Elevated serum levels of tumor markers have been inconsistent and nonspecific. In a review by Takamatsu et al. [19], six patients had elevated levels of carbohydrate antigen (CA) 19-9 and carcinoembryonic antigen (CEA) out of 14 cases. Kaiserling et al. [20] reported very high concentration of CEA (5,000 ng/mL) and CA 19-9(187 U/L) in the cyst fluid in spite of a completely benign histology. He also found that epithelial cells lining the cyst were immunoreactive to CEA and CA 19-9 similar to the lining cells of the pancreatic ducts. Similar findings were reported by Hamamoto et al. [21], suggesting a possible histiogenesis from pancreatic duct cells. Three of our patients among six had elevated serum CA 19-9. However, we did not investigate tumor marker levels in the cyst fluid.
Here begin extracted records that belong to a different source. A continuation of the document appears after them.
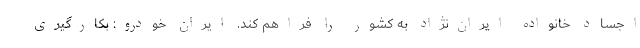
اجساد خانواده ایران‌نژاد به کشور را فراهم کند. ایران خودرو: بکارگیری
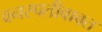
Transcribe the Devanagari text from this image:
वनस्पतीबाबत
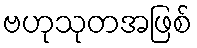
ဗဟုသုတအဖြစ်
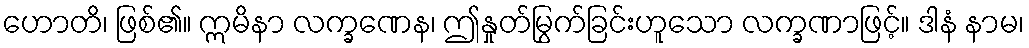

Malignant transformation of a lymphoepithelial cyst of the pancreas has not been reported. However, Misonou et al. [22] reported mucoepidermoid carcinoma arising within a branchiogenic lymphoepithelial cyst in the neck (considering the postulated histiogenesis of lymphoepithelial cysts to be of ectopic branchial cleft remnant in pancreas, there is a theoretical possibility of malignancy in lymphoepithelial cysts of the pancreas and danger of dissemination of the cells by a fine needle aspiration biopsy, but this has not been reported.) Elevated tumor markers cannot reliably be used as an indicator for malignancy as up to about 30- 40% of lymphoepithelial cysts of the pancreas have raised serum levels of CEA and CA 19-9 despite a completely benign pathology.
In conclusion a definitive diagnosis of lymphoepithelial cyst often cannot be made solely based on preoperative imaging, whether CT or MRI. The addition of EUS-guided FNA and/or core biopsy coupled with biochemical/tumor marker studies are increasingly being used to increase the diagnostic accuracy and, in a recent small series, six out of nine patients could be offered a conservative approach of wait and watch based on the typical FNA cytology findings [17]. As larger series are needed to validate this approach, lymphoepithelial cyst still continues to present a diagnostic dilemma and surgical resection is often offered due to the clinical concern for a malignant or pre-malignant cystic pancreatic lesion.